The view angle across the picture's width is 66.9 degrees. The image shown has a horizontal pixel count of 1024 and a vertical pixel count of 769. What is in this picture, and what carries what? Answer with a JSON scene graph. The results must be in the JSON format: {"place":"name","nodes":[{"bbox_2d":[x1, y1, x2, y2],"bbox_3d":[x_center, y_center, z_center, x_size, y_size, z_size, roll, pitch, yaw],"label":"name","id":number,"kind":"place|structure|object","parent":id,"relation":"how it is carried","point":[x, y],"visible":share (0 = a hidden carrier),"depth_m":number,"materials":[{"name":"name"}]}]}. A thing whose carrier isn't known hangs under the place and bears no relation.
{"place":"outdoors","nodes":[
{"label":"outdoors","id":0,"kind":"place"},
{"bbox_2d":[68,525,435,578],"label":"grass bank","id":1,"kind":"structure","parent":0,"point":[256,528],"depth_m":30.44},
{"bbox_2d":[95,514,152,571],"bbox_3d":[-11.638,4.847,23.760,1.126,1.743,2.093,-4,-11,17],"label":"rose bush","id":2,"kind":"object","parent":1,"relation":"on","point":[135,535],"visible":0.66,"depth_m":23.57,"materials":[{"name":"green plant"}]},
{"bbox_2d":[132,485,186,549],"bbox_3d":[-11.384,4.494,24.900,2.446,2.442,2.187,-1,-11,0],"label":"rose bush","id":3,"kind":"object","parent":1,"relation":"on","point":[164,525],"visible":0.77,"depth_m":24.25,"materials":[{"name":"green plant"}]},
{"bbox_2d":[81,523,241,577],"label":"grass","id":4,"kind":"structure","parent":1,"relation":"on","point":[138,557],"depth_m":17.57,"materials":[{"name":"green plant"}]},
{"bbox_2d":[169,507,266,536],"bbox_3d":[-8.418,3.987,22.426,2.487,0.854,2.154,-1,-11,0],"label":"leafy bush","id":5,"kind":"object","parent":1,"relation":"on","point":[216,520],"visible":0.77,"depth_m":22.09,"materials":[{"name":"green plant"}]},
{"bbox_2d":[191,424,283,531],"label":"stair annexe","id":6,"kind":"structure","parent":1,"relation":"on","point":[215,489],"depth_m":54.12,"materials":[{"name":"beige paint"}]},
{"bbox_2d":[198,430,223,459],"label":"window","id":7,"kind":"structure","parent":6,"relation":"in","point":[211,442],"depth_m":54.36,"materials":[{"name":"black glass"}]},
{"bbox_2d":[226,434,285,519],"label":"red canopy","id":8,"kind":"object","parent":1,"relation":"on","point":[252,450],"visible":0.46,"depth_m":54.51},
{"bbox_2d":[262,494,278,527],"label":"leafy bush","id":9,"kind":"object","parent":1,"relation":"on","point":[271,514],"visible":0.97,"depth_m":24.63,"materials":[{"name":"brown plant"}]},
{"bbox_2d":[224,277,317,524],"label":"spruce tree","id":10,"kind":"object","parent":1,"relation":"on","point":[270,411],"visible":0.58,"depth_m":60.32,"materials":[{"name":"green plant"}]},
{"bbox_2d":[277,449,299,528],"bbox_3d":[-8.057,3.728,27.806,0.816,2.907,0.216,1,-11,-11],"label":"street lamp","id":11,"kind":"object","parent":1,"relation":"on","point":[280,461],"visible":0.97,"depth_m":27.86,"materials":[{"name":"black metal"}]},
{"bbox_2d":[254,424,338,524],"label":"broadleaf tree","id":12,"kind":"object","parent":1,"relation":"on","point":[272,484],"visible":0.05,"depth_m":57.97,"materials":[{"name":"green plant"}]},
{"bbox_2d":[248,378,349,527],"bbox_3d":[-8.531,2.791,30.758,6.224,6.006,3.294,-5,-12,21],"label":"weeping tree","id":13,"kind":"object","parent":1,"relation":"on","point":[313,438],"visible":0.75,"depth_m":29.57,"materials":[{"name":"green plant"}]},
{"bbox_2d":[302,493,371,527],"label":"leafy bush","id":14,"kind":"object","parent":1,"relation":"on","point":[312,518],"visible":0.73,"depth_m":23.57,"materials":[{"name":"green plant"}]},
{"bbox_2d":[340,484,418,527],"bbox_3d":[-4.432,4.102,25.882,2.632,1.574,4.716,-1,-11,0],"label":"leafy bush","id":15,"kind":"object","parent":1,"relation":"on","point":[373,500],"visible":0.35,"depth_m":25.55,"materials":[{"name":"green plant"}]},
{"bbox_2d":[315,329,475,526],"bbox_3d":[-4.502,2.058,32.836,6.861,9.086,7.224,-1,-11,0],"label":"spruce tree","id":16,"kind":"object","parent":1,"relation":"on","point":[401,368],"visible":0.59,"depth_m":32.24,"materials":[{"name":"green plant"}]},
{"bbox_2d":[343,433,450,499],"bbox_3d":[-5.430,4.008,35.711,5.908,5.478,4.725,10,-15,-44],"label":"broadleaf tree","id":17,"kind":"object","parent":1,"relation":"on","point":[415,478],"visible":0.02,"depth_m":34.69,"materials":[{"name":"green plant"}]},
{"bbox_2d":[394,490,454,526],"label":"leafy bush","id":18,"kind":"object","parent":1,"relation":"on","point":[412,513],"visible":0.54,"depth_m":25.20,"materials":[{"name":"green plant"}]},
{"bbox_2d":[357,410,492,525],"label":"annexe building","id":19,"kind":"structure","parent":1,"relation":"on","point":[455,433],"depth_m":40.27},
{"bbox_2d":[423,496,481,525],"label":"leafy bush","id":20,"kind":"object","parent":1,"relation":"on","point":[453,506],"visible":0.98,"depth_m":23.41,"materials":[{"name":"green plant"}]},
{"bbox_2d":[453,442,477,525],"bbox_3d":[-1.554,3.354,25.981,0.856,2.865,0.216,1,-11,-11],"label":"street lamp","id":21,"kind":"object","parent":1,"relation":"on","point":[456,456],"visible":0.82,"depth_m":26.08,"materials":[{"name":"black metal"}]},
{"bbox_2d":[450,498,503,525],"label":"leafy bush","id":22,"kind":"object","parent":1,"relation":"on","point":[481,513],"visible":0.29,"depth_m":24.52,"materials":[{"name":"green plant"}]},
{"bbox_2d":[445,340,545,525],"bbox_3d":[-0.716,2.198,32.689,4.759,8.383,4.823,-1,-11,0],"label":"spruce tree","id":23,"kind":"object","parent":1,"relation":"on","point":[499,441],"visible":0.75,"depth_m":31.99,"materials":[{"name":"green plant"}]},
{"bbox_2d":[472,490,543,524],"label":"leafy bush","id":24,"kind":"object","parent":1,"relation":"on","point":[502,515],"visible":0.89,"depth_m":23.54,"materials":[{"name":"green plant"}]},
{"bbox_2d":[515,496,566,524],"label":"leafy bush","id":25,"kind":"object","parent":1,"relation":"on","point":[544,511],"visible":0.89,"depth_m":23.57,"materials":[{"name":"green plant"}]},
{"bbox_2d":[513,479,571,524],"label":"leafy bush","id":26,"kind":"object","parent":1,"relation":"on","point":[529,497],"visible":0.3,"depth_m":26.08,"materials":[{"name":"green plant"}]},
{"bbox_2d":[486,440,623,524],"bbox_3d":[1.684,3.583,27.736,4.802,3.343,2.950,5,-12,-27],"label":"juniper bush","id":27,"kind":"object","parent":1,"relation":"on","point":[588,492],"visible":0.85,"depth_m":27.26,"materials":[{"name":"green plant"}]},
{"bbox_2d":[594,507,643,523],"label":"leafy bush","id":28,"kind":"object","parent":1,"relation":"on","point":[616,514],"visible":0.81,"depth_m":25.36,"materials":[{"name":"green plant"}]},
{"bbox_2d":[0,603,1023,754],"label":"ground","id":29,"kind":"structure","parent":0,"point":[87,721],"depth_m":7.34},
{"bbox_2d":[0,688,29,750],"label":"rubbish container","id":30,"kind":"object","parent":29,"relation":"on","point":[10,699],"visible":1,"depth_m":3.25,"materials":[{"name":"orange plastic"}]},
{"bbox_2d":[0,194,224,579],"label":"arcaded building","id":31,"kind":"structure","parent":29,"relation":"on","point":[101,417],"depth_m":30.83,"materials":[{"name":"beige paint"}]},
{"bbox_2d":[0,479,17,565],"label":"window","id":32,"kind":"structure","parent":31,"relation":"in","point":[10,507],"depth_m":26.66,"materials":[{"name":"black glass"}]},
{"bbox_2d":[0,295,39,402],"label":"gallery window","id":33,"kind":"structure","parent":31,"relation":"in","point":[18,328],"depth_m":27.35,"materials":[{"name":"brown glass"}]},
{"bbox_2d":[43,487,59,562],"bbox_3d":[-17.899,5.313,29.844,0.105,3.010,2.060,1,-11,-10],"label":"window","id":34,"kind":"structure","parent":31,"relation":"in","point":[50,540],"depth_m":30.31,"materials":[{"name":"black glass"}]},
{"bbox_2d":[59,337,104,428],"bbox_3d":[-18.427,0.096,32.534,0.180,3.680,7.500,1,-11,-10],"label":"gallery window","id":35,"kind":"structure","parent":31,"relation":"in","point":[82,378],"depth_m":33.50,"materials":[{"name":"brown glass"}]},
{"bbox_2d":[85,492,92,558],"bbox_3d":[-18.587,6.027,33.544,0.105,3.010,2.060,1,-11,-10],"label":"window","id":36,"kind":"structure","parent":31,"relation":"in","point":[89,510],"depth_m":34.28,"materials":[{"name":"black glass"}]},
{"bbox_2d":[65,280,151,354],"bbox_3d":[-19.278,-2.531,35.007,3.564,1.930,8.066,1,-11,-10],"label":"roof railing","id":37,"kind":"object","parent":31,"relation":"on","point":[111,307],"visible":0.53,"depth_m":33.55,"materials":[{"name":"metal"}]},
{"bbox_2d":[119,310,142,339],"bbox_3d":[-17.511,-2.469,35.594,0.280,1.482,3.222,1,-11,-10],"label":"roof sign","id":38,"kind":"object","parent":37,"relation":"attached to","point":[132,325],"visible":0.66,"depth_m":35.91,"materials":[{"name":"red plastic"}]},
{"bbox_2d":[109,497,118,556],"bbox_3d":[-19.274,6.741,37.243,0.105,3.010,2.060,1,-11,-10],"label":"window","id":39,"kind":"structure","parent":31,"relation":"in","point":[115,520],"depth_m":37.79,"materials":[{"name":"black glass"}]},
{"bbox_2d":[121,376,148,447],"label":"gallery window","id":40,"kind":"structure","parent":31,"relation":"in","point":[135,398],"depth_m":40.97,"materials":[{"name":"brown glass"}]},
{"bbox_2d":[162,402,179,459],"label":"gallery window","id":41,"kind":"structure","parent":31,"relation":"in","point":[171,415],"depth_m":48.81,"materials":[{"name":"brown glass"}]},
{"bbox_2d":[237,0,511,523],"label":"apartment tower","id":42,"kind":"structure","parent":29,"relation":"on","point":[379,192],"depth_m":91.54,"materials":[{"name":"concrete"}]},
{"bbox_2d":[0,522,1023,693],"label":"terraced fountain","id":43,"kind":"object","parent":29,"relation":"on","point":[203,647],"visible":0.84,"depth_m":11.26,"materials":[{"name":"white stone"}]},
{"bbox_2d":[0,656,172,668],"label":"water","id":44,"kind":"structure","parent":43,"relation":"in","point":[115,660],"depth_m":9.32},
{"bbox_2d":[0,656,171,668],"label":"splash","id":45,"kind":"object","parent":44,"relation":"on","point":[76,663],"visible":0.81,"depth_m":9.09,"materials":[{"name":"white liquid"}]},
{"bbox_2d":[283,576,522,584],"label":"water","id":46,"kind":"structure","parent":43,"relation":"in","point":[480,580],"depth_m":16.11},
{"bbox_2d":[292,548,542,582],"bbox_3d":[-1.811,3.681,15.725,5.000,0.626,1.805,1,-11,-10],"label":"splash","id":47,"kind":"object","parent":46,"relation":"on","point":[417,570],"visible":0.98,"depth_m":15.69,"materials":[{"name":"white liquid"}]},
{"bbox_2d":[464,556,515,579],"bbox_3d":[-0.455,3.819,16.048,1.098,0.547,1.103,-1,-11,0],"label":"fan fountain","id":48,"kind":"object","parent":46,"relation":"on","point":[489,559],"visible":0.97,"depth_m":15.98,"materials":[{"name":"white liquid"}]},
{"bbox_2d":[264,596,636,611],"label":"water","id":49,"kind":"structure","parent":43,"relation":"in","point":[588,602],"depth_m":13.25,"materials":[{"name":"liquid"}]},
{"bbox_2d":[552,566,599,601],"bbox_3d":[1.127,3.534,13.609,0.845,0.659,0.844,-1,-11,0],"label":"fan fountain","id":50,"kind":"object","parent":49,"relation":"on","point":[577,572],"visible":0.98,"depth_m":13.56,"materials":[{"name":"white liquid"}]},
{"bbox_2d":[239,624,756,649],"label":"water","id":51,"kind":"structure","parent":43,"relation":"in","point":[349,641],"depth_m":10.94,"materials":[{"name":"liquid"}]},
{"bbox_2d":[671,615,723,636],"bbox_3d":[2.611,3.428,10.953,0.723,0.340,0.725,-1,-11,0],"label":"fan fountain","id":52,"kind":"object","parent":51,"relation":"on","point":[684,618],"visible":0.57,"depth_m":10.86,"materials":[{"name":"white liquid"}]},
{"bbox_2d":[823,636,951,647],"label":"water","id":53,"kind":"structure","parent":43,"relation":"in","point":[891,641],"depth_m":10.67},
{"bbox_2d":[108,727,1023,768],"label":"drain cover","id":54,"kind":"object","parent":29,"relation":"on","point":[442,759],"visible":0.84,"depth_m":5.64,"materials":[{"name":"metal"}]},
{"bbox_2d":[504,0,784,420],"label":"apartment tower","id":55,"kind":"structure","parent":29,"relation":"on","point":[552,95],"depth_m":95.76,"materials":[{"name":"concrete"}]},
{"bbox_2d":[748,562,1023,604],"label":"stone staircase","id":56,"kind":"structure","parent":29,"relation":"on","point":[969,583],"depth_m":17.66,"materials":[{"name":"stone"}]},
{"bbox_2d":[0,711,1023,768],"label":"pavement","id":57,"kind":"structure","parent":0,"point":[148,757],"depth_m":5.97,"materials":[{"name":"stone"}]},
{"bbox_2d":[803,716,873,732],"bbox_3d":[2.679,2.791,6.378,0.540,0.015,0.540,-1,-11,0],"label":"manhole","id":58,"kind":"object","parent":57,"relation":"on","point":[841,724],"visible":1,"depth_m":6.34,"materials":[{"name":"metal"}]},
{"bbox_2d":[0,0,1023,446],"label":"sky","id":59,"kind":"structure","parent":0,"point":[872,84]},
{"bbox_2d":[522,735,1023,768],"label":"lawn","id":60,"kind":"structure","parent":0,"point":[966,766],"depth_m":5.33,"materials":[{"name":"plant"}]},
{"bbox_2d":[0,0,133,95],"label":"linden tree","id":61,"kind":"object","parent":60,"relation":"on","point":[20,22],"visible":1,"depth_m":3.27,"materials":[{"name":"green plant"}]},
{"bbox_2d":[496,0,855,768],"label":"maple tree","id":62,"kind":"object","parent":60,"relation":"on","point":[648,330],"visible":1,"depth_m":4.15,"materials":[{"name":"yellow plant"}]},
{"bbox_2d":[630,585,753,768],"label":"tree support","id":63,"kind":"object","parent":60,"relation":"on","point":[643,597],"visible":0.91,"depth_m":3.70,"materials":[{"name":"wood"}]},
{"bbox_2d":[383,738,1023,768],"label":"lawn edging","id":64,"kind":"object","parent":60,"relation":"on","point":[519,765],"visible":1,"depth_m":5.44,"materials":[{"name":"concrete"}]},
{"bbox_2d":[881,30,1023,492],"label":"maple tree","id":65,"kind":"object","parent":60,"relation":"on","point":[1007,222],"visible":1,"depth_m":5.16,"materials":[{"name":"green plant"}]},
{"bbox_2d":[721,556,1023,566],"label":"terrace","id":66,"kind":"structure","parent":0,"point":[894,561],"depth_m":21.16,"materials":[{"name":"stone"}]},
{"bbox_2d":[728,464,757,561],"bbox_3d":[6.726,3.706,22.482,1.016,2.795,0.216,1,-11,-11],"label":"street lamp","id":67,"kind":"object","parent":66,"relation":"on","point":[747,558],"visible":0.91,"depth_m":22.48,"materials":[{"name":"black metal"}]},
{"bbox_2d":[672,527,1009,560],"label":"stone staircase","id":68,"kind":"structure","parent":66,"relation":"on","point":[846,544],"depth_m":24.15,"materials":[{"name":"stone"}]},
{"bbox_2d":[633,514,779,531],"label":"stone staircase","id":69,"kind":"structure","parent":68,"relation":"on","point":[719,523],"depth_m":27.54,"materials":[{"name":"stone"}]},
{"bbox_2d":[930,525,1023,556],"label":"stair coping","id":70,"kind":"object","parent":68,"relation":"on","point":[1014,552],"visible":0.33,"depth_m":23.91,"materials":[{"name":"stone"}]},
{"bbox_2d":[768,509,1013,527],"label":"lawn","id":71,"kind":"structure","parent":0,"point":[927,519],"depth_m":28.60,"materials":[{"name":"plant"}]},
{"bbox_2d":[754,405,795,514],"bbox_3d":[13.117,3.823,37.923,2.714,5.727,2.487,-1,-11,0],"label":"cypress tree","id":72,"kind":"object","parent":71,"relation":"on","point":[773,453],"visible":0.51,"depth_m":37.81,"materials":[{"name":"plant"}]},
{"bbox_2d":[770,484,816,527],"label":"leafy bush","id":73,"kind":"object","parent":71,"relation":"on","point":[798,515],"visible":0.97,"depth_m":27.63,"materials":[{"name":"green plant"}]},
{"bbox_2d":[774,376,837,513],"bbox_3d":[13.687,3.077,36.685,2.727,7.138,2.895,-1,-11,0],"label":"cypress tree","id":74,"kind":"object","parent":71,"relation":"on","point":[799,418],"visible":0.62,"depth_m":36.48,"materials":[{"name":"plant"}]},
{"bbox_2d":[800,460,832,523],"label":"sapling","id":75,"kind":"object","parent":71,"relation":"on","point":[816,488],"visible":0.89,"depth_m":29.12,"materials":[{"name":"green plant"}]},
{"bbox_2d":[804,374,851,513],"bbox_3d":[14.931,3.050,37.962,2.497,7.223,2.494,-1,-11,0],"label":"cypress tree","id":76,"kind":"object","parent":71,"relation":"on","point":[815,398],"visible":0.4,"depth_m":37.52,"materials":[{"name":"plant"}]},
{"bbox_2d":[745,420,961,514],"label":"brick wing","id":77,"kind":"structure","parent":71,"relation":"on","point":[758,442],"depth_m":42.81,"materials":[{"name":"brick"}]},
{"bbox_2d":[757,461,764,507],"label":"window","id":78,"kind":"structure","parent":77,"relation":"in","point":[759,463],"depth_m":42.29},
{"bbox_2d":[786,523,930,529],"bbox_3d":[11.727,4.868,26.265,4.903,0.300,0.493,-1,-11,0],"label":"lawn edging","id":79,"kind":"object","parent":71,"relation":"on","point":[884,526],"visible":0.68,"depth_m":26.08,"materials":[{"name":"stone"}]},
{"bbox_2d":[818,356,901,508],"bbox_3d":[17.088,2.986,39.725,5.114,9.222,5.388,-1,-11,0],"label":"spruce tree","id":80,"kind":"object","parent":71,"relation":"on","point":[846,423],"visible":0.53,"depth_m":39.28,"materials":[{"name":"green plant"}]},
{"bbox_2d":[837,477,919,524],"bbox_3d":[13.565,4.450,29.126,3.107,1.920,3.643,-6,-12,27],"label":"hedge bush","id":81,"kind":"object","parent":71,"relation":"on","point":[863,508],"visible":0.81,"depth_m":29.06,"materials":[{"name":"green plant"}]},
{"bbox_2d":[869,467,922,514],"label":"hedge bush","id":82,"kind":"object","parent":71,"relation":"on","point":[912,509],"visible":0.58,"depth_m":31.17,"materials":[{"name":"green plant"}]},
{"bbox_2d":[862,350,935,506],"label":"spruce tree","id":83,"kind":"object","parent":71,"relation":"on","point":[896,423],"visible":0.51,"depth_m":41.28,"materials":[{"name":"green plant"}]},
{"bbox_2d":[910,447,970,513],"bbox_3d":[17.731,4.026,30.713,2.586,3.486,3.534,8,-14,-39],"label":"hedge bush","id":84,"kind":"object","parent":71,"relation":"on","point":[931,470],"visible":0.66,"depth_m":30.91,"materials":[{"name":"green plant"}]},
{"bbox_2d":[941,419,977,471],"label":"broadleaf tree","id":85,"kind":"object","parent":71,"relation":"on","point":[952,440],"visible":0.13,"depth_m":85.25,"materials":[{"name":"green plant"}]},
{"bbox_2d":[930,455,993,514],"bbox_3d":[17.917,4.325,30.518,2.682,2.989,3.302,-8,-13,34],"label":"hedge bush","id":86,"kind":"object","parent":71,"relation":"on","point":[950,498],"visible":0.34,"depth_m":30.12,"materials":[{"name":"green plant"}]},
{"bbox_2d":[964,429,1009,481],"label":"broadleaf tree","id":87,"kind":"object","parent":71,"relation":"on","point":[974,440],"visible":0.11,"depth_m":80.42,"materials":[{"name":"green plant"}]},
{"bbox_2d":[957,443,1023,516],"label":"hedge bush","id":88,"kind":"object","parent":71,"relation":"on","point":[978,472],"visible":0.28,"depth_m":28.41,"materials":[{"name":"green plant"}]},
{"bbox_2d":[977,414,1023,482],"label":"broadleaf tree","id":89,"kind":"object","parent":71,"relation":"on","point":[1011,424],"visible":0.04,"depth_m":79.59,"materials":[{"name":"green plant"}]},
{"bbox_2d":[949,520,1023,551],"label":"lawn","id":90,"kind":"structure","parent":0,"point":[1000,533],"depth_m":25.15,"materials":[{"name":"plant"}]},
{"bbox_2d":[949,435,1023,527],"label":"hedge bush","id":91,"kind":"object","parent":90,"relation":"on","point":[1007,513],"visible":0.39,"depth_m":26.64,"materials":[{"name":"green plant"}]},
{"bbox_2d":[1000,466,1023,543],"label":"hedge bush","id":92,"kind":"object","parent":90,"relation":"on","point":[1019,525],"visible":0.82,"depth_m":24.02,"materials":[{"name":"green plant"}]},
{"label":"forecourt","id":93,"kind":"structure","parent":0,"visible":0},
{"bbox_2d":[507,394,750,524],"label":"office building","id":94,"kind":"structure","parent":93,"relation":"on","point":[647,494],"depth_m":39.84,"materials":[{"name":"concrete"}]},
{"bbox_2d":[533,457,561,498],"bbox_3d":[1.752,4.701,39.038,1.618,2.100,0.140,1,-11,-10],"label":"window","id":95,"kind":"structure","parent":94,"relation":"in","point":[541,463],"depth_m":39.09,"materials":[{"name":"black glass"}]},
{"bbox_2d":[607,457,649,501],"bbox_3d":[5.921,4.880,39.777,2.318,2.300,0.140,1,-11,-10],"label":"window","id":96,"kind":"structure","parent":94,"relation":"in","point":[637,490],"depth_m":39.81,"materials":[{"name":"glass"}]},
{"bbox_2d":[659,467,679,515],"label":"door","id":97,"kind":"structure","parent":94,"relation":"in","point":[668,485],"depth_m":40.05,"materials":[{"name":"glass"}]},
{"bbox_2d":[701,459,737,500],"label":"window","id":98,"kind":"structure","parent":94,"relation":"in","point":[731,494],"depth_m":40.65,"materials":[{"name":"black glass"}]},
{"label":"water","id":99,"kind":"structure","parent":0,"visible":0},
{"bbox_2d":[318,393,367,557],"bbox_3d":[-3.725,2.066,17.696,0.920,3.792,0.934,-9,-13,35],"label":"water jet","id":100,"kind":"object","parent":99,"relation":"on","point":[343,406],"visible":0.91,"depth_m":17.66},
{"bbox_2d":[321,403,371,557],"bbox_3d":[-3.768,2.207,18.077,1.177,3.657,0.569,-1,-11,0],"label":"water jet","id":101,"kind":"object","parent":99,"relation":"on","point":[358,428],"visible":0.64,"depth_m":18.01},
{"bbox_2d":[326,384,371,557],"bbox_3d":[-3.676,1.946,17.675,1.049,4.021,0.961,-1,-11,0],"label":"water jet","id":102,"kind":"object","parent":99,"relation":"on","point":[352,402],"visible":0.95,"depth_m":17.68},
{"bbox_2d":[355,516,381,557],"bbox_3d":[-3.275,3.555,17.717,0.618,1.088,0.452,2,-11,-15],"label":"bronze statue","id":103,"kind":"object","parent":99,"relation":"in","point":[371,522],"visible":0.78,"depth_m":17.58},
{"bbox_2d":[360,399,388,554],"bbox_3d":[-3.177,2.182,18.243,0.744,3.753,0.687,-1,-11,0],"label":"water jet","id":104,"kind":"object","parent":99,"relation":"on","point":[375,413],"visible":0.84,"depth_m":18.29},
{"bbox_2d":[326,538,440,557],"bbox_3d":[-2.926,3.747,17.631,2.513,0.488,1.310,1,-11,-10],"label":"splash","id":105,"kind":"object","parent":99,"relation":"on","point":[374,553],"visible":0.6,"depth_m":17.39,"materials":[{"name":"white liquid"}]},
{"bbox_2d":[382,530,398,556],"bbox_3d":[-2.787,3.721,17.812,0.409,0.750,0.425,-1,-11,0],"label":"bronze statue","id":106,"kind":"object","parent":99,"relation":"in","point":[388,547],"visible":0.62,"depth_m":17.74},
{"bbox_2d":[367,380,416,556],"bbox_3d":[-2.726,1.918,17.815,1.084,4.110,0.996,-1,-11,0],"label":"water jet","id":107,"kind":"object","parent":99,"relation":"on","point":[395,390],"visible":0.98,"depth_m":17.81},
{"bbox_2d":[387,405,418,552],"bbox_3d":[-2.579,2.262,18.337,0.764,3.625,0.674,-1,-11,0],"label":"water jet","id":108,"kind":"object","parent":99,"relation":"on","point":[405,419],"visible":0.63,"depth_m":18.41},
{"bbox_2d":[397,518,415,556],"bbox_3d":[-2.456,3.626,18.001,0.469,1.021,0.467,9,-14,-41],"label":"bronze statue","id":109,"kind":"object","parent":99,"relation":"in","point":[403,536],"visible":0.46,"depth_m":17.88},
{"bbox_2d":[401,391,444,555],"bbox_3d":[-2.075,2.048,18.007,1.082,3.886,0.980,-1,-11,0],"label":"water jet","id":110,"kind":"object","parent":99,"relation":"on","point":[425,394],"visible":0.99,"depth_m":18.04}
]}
_ _ _ _ _ _ _
- [ASSIGNED TASK]: Where a line in the entries holds "outdoors", copy that line.

- [SOLUTION]:
{"place":"outdoors","nodes":[
{"label":"outdoors","id":0,"kind":"place"},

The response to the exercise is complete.